The writing of any story is mostly re-writing. My first draft will have a rough sense of direction and content, a provisional resolution, but then I’ll revisit it again and again, re-seeing the material to tighten it, or even to allow it, if it insists, to follow a new route. I think of it as a repeated walk; a loop with varieties or diversions. Revisiting our own memories is like this too. We subtly reconstruct them as we go, so that our life stories are less like photographic, objective reality and more like an act of imagination, re-invented over and over again. (256)

A repeated walk also generates layers of memories: “On a walk like this made over many years, and on many occasions, I’ve cached so many memories amongst the rocks and trees and hills, that re-turning the walk also gives me a way of retracing my own story” (256). She thinks of the arthritic woman she met on Skye and the promise she made to her to keep walking (257). “And now my walking mind gives in to the familiar, agrees to close the circle as I turn, double back towards the town on a level road with views into the valley,” she writes (257). “Contained within this walk each time I do it is the forever-pleasure of turning for home. At this point I always start to think ahead to putting on the kettle and making tea. Tomorrow perhaps I’ll take a turn of the story once again” (258).

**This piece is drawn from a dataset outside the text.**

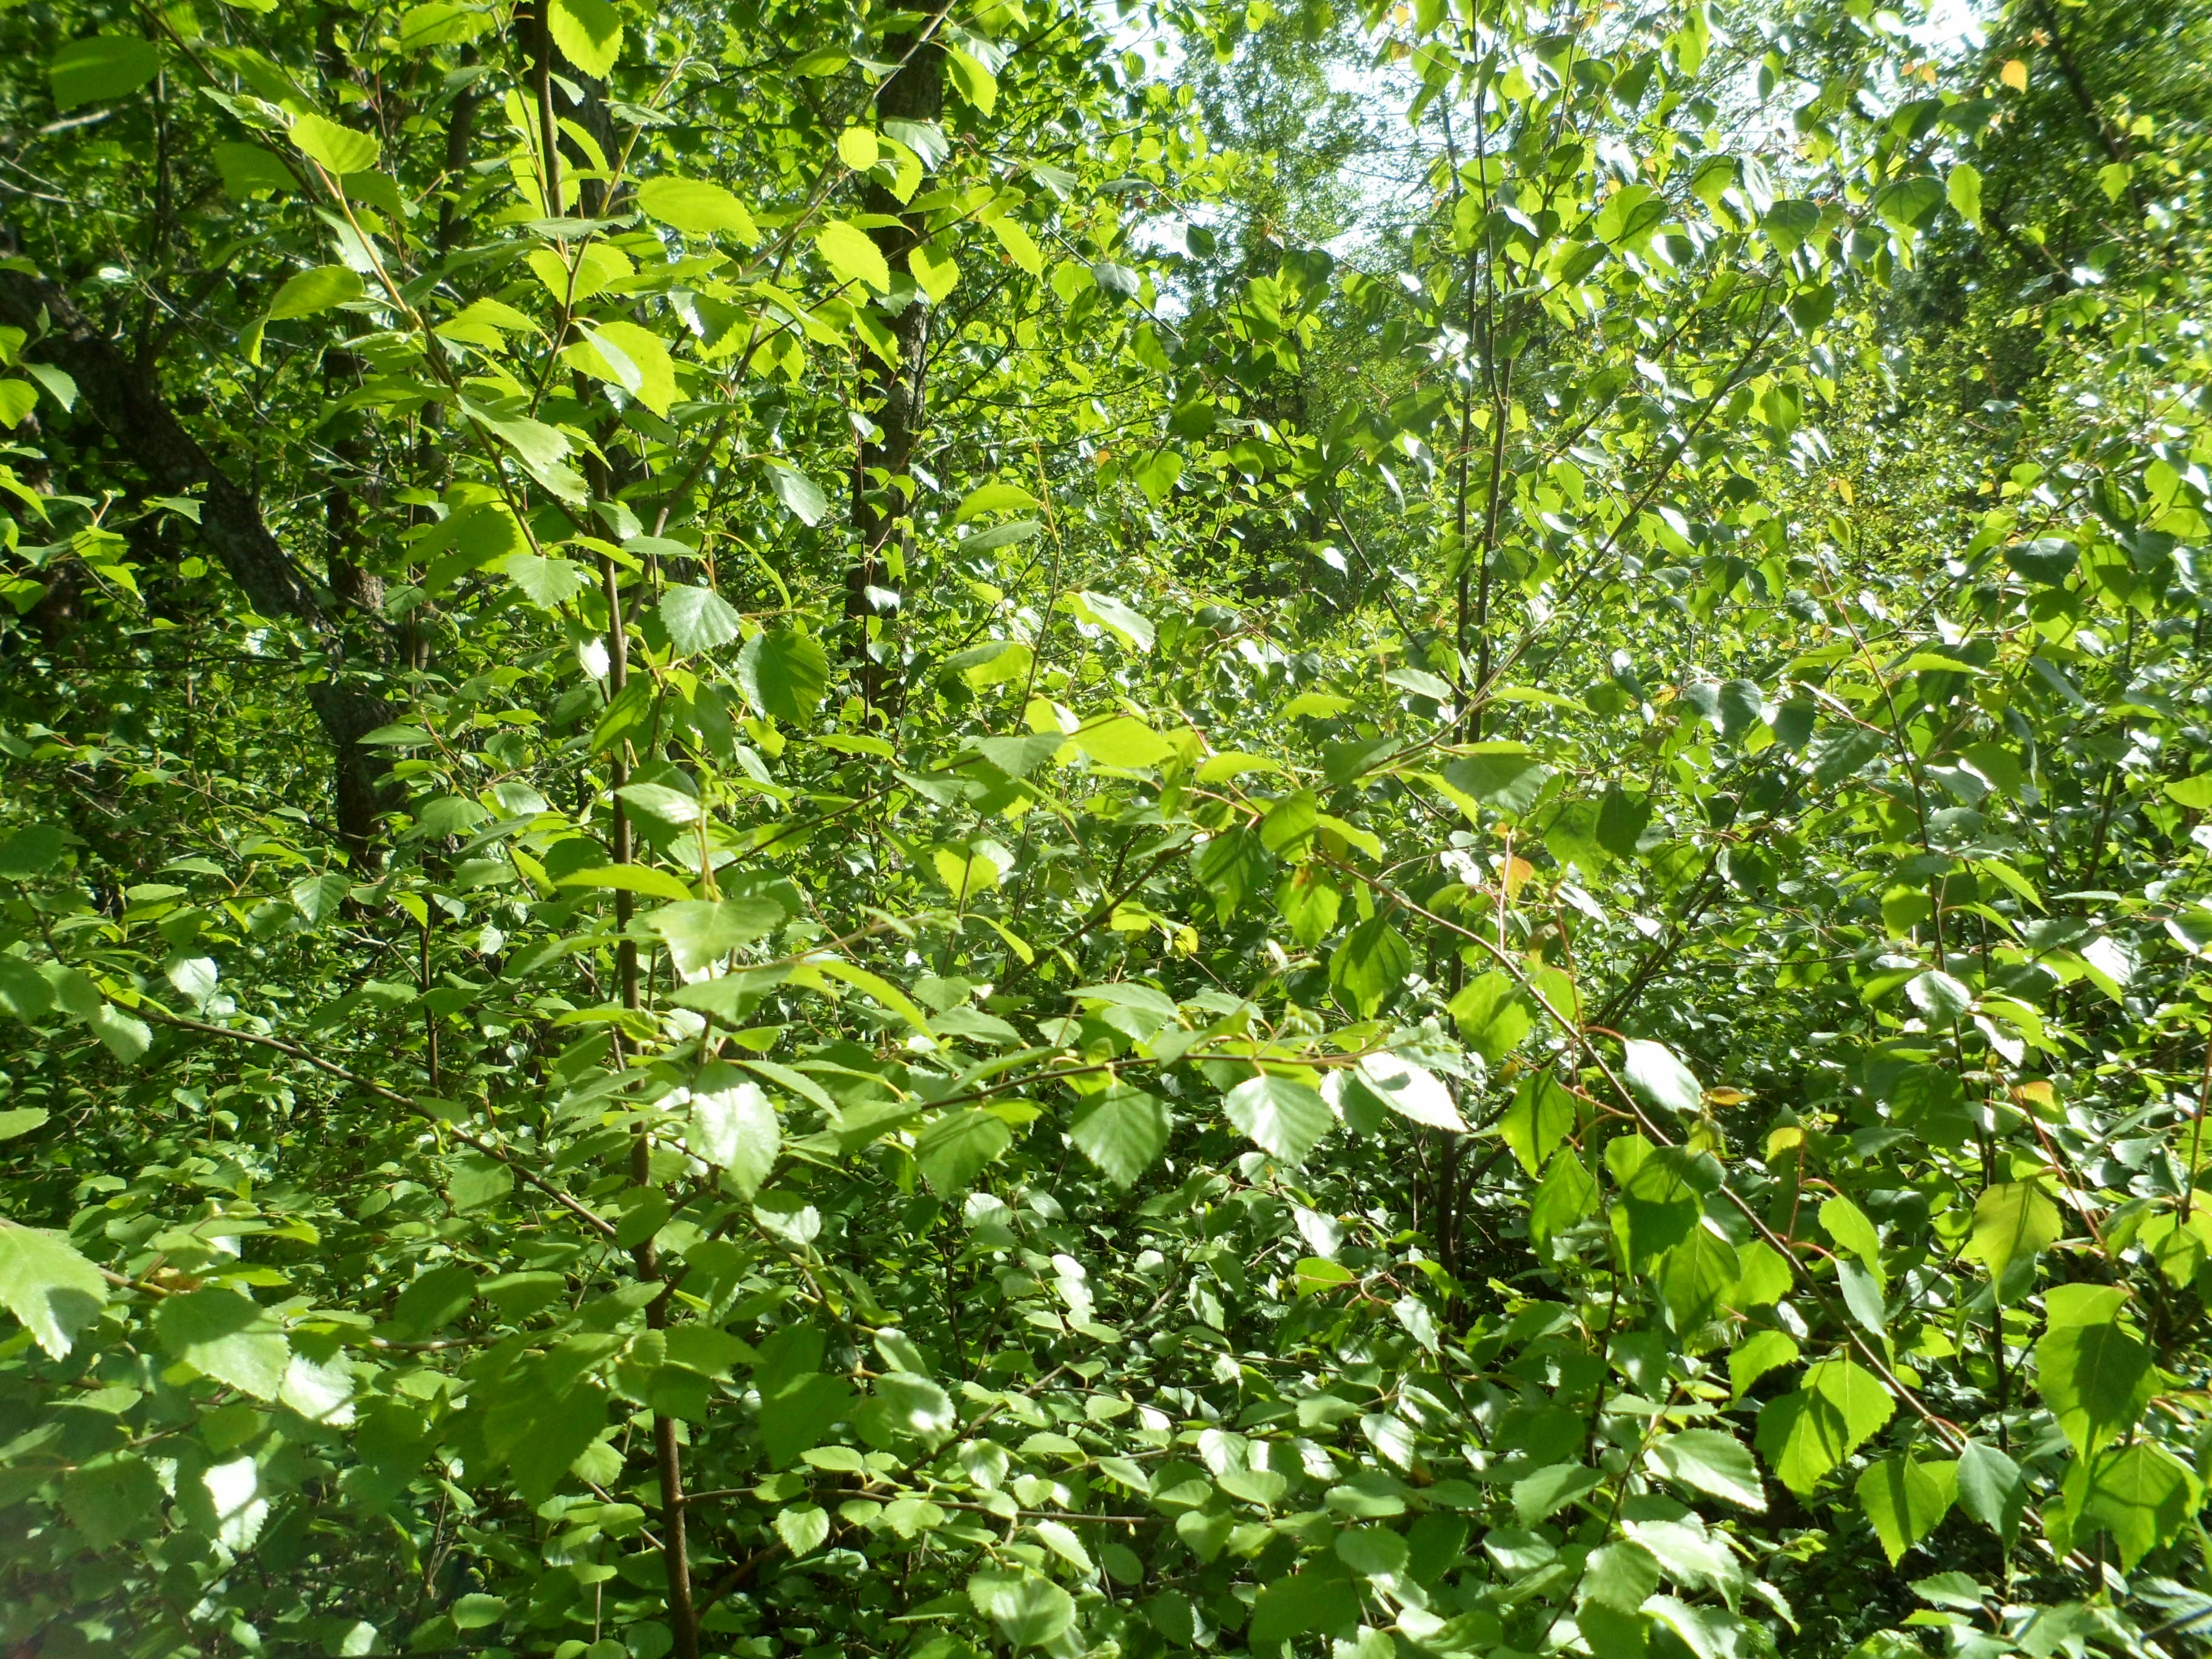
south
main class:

This has been an important book for me, not only because I admire it, but because it confirms my recent thinking that I need to incorporate a variety of different walks into my project—not just one epic plod across the prairies, but other kinds of walking: shorter walks, made alone and with other people. I have ideas about how to proceed, and Doubling Back suggests to me that I’m on the right track. Cracknell’s walking, and her writing about those walks, might prove to be a model for my work, and so I’m happy to have read it. 

Work Cited

Cracknell, Linda. Doubling Back: Ten Paths Trodden in Memory, Freight, 2015.

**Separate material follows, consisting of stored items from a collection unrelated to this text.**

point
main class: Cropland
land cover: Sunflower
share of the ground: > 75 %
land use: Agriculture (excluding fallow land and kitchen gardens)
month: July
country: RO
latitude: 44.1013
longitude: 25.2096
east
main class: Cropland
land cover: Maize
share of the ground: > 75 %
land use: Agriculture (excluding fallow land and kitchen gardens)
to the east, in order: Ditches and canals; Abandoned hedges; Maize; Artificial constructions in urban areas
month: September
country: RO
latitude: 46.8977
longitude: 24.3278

Heddon, Deirdre, and Cathy Turner. “Walking Women: Shifting the Tales and Scales of Mobility.” Contemporary Theatre Review, vol. 22, no. 2, 2012, pp. 224-36.

Smith, Phil. Walking’s New Movement: Opportunities, Decelerations and Beautiful Obstacles in the Performances, Politics, Philosophies and Spaces of Contemporary Radical Walking, Triarchy, 2015.

66. Linda Cracknell, Following our Fathers: Two Journeys among Mountains

I ran across Linda Cracknell’s name in Deirdre Heddon’s and Cathy Turner’s essay, “Walking Women: Shifting the Tales and Scales of Mobility.” They described her as a woman doing epic walking—as well as smaller, more localized walks—and writing about them. In fact, she took more than a dozen walks while preparing for a writing project about walking that resulted in three or four books (229-30). Oh, I thought, I want to read those. Unfortunately, they were published by small presses in Scotland and now out-of-print. However, Abebooks found them for me, and this one, Following our Fathers: Two Journeys among Mountains, was the first one to arrive. I thought I would save it for my flight to Calgary, or else my flight to Dublin, but it’s not a long read, and so I decided to take it on this afternoon while the cats drowsed with me in the sunporch.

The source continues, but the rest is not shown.